If you can’t hike or walk anywhere then bicycling is about as close as you can get to hiking as an alternative. It works the same energy-systems and many of the same muscle groups. If you do a lot of cycling, also do jumping exercises, perhaps even get a jump-rope and use it for a few minutes every day. That will help with the coming-down part of the climb. Cycling builds strength and endurance but doesn’t replicate the impact of stepping down. The combination of both is very effective. 

Top three tips for June:

1. Make the main thing - the main thing: It’s a long endurance climb with a 35lb pack. Go long in training and wear a pack when possible.
2. Back up your long hikes with shorter sessions: 60 - 90 minute efforts at a higher intensity. Stairs, stair-master, elliptical machine, cycling or spin class are good options. 
3. Mix up your training: Some long and steady ‘conversational’ pace sessions; some hard and steady; some intervals of 1 minute of very hard effort followed by 1 minute of rest.

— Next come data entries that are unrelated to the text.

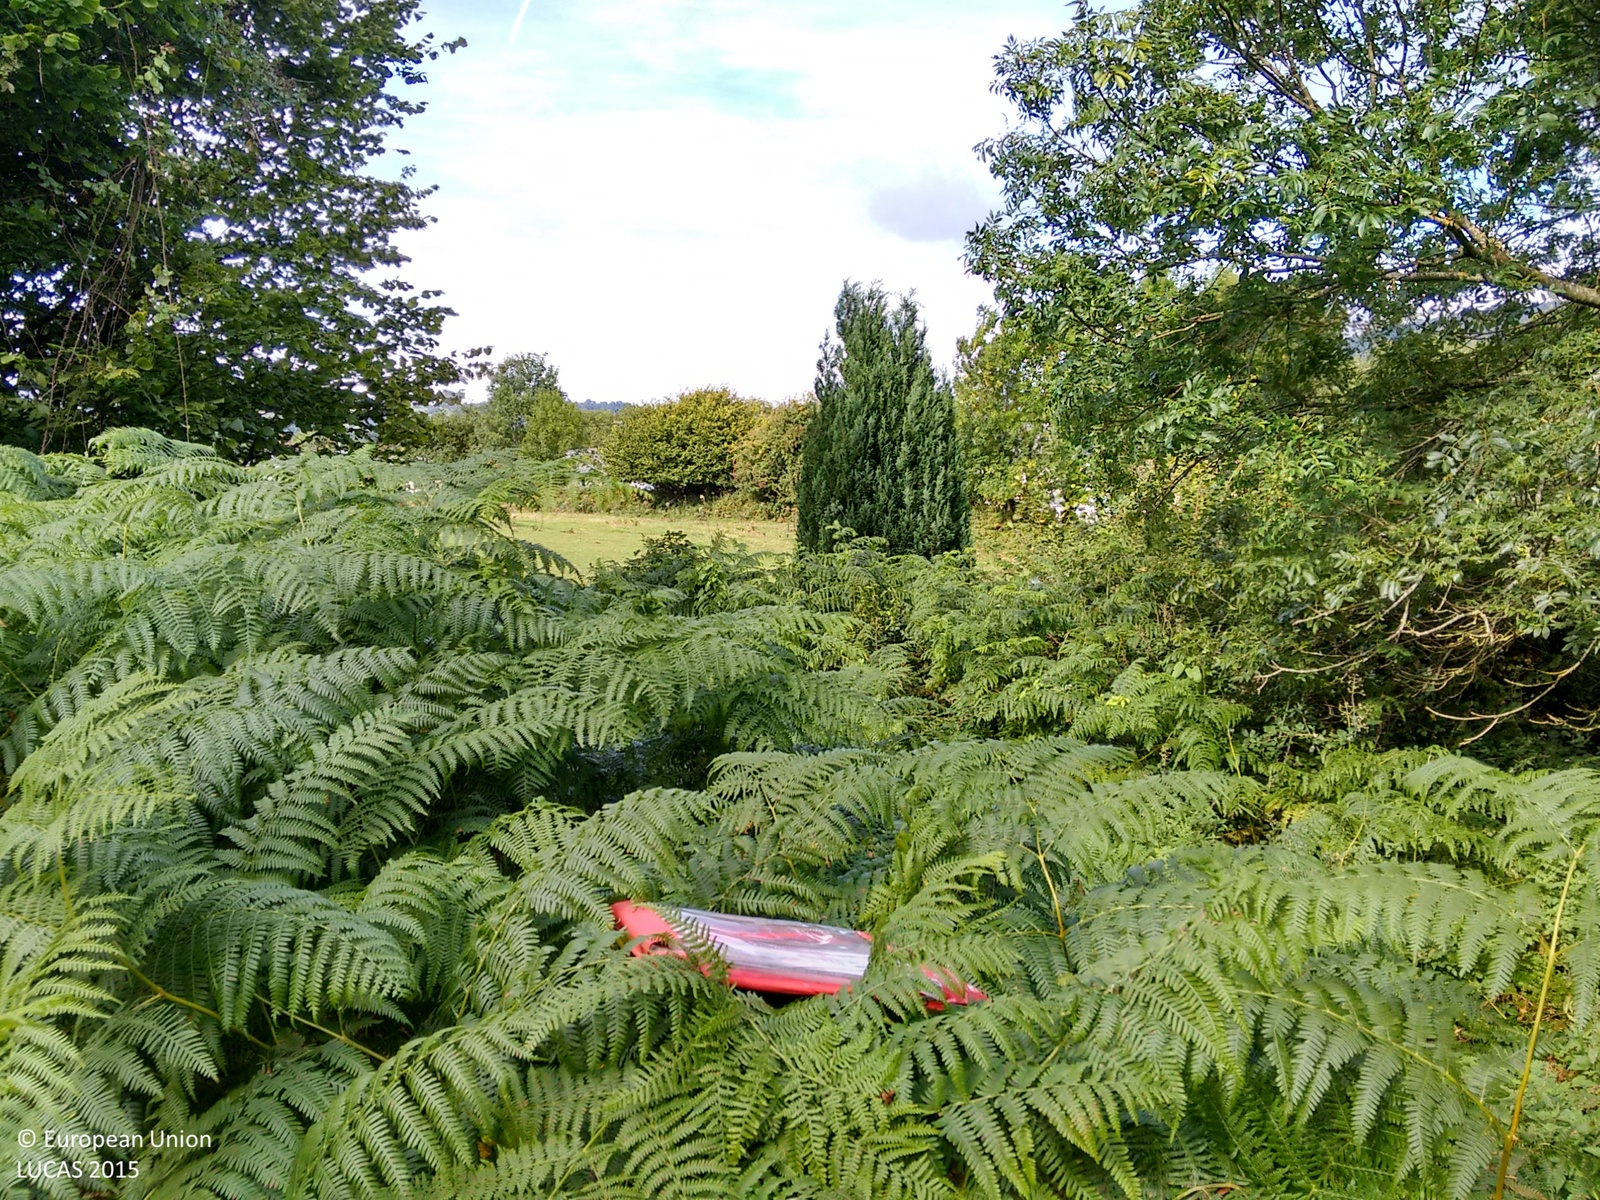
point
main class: Grassland
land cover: Grassland with sparse tree/shrub cover
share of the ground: > 75 %
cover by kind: herbaceous plants 95 %, broadleaved forest trees 5 %
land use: Semi-natural and natural areas not in use
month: September
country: GB
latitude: 51.8160
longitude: -3.0593

A parting thought: I used to get close to a climb and worry that I hadn’t done enough of this or of that. Right now you’ve done what you’ve done. Its best to take out a calendar, figure out how many long hikes you can fit in, block out those time and then use the other days for shorter sessions. Take a day or two of rest as well, you’ll benefit from doing so. As the guides will tell you on the mountain, don’t worry about tomorrow or next week, just focus on now. Focus on how you can complete — and enjoy — today’s workout. You’ve trained hard and what you do now will make a difference on the mountain.

Good luck.

John Colver
Author of Fit By Nature by Mountaineers Books.

For more information please see our resources for mountaineering fitness and training.

Comments (2)

Treadmills and stair machines only work your legs against the earth’s gravity, not your entire body’s weight or even the weight in the pack.  They also don’t really do much for the downstroke of the leg, just the upstroke.  It’s Newtonian mechanics, guys.

Posted by: borisjimski on

Bodyworks, which partners with AAI, says that one needs to be able to go on a treadmill at 15 degrees for 45 minutes at 3.5 mph with a 40-pound pack in order to be in sufficient shape to climb Mt. Ranier.  There is no way I can do that.  Are they exaggerating?  On a good day I can go at 15 degrees at 2.5 mph for 45 min with no weight.